Listed entries
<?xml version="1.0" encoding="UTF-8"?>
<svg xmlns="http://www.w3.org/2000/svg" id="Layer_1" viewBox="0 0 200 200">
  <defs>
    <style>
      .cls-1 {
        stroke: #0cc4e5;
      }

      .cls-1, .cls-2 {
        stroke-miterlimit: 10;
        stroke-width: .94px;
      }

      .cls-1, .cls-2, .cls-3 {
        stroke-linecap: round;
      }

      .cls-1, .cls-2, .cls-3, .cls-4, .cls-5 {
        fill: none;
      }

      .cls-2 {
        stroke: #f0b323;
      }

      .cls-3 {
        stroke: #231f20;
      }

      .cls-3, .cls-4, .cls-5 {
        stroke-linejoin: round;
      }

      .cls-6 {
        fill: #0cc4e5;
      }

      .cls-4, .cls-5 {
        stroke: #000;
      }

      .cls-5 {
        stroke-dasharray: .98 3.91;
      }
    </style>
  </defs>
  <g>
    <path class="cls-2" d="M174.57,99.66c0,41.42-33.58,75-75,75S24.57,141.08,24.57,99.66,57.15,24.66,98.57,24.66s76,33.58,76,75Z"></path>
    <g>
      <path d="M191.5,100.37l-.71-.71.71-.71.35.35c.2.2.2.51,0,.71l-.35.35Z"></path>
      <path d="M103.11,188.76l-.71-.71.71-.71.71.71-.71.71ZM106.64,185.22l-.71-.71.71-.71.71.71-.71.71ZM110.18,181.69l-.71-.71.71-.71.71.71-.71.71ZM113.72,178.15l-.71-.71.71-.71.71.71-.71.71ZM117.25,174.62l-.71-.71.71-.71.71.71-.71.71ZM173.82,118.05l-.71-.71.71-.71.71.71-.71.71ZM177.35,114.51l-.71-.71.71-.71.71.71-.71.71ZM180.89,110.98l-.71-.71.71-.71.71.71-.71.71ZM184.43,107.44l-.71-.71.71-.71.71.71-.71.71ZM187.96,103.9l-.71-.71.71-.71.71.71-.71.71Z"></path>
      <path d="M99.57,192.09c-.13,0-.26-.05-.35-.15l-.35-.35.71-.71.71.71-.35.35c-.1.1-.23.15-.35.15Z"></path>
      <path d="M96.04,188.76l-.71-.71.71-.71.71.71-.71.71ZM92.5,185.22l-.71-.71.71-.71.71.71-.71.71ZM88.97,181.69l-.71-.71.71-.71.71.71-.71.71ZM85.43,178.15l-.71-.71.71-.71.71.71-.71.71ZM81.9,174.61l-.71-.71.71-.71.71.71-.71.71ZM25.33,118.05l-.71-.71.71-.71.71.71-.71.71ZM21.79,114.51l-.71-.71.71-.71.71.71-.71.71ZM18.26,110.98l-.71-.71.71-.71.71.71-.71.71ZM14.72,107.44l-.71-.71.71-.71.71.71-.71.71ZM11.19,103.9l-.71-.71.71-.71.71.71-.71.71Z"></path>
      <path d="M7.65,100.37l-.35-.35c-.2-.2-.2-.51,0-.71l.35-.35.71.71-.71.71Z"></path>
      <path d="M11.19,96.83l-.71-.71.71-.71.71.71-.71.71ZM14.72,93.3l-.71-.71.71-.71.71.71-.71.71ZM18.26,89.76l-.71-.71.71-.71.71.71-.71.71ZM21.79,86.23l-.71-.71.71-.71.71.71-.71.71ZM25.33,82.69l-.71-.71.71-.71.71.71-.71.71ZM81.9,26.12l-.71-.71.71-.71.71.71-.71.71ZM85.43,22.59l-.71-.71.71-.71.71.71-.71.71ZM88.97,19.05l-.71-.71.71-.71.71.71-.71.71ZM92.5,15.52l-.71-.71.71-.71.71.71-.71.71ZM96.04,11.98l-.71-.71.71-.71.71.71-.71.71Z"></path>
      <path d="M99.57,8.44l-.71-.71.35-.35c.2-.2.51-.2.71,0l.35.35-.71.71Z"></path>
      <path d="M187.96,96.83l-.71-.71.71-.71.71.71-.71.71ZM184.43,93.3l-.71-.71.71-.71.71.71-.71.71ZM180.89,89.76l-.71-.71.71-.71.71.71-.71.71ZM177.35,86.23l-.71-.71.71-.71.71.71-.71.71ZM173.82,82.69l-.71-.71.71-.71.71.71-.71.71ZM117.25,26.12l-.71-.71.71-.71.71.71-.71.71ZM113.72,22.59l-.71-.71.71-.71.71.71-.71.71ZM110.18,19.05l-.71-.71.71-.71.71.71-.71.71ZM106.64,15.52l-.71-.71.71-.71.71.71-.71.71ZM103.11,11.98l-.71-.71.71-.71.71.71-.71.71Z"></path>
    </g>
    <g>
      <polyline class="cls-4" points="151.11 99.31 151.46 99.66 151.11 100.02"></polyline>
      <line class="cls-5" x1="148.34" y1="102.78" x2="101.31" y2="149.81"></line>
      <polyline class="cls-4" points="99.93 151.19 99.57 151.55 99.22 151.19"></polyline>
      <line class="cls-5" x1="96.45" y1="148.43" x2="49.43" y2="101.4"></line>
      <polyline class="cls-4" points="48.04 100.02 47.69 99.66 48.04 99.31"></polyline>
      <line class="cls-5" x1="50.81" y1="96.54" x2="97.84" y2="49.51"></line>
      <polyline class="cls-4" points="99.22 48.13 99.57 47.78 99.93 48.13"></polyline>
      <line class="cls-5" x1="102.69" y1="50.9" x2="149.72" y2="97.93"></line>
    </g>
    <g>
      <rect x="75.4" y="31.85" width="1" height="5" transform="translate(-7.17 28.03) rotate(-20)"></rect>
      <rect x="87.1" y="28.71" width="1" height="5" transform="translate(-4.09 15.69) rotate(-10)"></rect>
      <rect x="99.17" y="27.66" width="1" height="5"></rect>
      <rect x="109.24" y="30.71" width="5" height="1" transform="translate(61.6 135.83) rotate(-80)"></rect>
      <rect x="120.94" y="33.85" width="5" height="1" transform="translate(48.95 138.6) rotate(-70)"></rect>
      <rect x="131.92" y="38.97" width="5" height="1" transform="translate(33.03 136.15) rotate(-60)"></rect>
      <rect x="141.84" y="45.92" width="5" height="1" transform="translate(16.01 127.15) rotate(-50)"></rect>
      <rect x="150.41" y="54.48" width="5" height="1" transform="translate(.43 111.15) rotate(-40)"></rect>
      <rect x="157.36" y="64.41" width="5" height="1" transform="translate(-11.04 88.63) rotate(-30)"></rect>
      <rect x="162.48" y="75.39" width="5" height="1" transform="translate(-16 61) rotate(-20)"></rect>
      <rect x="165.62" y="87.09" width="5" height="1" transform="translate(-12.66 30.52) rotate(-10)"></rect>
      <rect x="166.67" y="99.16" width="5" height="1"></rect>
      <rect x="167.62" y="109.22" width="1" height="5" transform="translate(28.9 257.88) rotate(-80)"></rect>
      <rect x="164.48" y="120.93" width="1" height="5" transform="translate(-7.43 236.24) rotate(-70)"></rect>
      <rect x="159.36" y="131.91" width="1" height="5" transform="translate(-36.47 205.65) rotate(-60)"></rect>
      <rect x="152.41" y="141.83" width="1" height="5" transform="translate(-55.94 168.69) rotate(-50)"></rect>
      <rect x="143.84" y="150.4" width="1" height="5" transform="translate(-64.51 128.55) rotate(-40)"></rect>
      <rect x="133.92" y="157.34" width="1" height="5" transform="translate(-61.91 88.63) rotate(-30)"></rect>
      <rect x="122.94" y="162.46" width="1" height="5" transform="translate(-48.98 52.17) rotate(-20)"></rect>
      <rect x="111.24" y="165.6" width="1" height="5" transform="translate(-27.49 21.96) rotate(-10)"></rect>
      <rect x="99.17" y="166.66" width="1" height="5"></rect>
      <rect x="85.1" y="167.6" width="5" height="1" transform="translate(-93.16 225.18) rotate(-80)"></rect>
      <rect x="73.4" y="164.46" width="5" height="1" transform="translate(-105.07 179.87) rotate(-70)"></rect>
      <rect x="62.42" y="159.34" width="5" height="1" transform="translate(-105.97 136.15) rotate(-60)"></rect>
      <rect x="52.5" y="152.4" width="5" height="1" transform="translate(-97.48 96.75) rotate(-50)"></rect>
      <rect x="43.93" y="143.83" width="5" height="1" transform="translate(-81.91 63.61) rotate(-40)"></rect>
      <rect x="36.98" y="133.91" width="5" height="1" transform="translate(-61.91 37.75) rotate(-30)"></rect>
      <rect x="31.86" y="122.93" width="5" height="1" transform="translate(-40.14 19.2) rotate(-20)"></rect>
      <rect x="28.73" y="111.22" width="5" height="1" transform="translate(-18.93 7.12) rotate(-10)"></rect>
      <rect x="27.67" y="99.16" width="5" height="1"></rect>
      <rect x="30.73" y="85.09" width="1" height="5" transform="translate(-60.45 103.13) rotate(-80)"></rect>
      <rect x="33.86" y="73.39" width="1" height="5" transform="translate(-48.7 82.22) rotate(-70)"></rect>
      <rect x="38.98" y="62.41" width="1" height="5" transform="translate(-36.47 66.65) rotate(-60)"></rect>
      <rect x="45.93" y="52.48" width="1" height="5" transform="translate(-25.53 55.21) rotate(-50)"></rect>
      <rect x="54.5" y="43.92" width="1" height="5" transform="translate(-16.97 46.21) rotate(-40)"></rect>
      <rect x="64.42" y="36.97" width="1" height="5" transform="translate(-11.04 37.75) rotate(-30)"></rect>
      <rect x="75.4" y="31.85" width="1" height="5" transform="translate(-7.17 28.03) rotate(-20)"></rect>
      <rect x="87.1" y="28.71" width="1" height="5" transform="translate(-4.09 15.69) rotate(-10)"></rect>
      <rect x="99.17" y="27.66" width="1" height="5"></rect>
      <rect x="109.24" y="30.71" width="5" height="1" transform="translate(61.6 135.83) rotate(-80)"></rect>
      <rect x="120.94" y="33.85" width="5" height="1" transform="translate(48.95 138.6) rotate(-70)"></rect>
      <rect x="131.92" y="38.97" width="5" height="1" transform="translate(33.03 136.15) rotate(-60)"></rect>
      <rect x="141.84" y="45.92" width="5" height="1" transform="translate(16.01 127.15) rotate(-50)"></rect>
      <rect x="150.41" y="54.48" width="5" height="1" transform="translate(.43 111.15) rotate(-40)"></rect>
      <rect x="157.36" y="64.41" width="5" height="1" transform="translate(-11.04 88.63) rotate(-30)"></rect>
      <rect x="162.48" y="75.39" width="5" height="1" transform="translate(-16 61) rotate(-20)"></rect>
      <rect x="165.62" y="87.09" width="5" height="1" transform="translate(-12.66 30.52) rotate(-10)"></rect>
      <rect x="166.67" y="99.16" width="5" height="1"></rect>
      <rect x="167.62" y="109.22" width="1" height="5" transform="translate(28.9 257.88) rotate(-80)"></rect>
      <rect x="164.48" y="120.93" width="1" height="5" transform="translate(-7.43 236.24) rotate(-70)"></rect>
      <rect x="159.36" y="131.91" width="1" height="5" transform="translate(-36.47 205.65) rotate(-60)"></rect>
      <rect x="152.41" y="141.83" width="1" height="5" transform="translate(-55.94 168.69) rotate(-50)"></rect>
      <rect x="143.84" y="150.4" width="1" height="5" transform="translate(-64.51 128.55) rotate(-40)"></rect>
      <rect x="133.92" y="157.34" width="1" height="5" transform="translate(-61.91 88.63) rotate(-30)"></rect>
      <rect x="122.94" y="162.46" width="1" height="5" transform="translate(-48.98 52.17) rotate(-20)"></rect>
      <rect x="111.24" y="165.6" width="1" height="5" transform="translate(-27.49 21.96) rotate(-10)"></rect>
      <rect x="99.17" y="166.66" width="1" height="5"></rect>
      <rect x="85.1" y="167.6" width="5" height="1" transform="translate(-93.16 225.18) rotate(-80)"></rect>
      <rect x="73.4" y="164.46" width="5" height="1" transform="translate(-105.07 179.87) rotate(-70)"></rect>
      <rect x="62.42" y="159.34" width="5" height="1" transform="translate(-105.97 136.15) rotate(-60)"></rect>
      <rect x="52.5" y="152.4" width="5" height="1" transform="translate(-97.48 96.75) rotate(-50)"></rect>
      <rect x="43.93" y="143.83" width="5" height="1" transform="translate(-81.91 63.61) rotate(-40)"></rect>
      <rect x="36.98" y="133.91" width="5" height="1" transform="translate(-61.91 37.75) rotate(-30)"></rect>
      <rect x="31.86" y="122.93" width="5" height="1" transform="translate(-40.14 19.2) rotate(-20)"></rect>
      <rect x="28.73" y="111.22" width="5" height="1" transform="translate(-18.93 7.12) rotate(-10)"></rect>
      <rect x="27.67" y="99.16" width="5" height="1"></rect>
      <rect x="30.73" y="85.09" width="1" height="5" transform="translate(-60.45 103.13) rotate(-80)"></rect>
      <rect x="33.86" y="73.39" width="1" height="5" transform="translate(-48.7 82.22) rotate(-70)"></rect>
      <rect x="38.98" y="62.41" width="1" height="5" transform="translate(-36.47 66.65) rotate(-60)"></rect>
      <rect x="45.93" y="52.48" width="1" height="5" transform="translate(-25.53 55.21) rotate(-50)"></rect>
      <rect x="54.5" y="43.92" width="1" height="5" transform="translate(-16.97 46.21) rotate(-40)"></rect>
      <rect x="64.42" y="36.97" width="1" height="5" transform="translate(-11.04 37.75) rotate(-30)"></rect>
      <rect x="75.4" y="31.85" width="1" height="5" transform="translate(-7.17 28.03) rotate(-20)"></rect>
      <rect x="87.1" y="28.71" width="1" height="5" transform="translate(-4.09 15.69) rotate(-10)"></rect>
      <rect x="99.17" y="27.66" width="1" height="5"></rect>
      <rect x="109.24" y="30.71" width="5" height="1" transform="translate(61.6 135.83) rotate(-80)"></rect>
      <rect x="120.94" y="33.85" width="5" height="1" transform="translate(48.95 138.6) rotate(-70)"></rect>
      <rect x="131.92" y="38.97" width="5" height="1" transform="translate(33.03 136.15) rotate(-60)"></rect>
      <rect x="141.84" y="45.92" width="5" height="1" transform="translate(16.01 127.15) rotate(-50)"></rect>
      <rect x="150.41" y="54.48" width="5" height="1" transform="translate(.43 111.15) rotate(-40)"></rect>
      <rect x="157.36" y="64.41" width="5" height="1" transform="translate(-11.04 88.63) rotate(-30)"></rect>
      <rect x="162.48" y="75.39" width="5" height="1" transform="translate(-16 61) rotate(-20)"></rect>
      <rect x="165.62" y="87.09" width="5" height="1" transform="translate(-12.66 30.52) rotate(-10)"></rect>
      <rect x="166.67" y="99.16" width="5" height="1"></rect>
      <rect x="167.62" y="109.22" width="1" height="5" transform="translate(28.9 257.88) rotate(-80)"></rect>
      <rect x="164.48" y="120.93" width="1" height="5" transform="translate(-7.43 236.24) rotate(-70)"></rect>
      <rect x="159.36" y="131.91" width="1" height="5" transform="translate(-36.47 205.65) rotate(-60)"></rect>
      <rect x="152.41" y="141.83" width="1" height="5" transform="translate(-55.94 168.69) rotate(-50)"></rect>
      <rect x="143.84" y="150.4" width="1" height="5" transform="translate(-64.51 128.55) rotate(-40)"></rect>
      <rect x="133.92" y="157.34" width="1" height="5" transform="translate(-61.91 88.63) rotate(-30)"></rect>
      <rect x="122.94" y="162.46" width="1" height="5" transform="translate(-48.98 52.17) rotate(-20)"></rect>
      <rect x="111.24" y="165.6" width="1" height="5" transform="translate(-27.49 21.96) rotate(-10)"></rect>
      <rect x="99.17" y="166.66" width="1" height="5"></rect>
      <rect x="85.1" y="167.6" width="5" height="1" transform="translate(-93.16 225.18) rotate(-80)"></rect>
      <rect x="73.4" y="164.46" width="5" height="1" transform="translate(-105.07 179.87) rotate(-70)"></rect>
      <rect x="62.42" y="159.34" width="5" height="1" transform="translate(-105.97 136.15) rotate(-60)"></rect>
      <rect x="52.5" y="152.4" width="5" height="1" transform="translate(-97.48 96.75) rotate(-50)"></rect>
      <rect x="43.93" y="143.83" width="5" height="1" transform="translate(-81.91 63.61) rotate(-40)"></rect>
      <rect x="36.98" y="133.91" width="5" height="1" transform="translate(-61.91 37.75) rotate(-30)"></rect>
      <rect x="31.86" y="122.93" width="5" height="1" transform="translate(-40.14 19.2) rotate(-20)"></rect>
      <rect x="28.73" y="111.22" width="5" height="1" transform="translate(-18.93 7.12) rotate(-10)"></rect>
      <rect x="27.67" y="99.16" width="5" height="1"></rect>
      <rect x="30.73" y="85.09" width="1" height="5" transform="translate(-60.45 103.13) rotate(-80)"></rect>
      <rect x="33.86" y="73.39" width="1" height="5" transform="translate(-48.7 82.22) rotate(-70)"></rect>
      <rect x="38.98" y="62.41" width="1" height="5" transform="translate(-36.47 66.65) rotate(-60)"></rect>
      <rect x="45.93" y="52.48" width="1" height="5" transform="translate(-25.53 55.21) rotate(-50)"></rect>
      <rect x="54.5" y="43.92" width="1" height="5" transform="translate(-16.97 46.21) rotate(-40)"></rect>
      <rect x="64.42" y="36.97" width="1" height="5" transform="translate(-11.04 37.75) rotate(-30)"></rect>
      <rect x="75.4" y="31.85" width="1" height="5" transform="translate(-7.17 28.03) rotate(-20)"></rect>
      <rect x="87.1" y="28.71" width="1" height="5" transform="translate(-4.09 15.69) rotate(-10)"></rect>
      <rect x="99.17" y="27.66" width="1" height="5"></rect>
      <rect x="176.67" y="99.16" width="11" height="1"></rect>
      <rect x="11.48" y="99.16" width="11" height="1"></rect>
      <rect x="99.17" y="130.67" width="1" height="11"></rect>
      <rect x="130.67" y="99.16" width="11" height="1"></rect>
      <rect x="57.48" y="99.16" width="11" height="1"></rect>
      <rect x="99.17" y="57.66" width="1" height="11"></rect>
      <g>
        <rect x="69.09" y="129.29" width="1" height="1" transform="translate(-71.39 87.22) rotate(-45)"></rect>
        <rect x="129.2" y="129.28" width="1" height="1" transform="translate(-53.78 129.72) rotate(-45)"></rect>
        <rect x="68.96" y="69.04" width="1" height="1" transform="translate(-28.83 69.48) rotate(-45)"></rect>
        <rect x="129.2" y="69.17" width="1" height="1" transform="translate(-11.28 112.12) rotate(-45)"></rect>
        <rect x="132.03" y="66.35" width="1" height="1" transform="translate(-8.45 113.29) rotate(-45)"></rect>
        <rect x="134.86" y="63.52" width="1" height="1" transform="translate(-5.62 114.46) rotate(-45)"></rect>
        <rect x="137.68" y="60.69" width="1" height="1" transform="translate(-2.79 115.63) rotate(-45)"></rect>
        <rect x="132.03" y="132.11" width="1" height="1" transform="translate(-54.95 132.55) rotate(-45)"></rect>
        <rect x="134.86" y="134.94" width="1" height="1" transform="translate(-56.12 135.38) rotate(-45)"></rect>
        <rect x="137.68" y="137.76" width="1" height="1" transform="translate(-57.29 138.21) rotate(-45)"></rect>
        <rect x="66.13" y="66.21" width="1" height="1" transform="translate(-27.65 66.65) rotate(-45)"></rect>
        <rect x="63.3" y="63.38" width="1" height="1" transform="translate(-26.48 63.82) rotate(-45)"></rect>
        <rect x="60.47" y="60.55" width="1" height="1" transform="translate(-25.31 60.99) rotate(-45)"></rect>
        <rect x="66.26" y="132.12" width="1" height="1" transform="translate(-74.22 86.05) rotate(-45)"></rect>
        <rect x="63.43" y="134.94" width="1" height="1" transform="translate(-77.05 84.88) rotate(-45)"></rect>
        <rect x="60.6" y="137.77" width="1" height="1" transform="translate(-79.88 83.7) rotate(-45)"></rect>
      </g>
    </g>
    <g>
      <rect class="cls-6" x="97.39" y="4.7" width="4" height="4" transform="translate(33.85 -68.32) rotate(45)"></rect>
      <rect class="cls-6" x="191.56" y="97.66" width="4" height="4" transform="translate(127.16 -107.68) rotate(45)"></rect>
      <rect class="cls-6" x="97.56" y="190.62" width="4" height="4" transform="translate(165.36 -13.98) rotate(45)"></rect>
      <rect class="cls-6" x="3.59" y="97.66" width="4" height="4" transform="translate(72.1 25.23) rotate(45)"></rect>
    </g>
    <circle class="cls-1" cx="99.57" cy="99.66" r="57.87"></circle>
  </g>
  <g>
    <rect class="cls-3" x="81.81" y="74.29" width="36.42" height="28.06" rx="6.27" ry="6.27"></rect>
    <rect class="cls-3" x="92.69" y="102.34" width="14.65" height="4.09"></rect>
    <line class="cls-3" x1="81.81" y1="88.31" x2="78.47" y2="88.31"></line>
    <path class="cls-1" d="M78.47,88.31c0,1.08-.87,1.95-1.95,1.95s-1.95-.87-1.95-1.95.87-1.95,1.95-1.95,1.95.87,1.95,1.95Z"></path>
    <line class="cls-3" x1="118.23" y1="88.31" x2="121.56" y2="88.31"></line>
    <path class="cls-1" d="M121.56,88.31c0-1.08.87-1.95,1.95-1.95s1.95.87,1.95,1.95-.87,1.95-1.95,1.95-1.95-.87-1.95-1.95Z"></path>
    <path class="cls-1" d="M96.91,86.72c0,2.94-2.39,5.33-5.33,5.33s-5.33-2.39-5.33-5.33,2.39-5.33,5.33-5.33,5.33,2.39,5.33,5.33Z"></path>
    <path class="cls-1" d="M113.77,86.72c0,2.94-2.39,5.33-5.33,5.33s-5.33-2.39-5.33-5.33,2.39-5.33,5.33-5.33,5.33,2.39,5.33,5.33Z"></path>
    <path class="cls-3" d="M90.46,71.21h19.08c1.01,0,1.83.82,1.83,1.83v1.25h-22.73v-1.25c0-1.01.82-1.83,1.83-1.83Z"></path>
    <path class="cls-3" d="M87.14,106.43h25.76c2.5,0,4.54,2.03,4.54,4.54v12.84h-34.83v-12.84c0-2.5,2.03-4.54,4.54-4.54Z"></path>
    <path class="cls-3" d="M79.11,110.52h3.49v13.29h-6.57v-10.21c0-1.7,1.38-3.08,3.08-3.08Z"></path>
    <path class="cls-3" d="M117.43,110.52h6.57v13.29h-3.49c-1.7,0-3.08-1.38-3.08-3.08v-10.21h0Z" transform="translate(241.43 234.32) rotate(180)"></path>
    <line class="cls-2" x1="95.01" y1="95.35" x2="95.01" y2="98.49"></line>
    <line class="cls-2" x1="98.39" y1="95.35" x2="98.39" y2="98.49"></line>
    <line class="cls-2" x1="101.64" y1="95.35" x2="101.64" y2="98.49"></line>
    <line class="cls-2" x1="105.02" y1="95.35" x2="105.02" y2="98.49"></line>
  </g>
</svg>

Work instruction
Sift the data above for lines with "points", then copy each one.

Task output
      <polyline class="cls-4" points="151.11 99.31 151.46 99.66 151.11 100.02"></polyline>
      <polyline class="cls-4" points="99.93 151.19 99.57 151.55 99.22 151.19"></polyline>
      <polyline class="cls-4" points="48.04 100.02 47.69 99.66 48.04 99.31"></polyline>
      <polyline class="cls-4" points="99.22 48.13 99.57 47.78 99.93 48.13"></polyline>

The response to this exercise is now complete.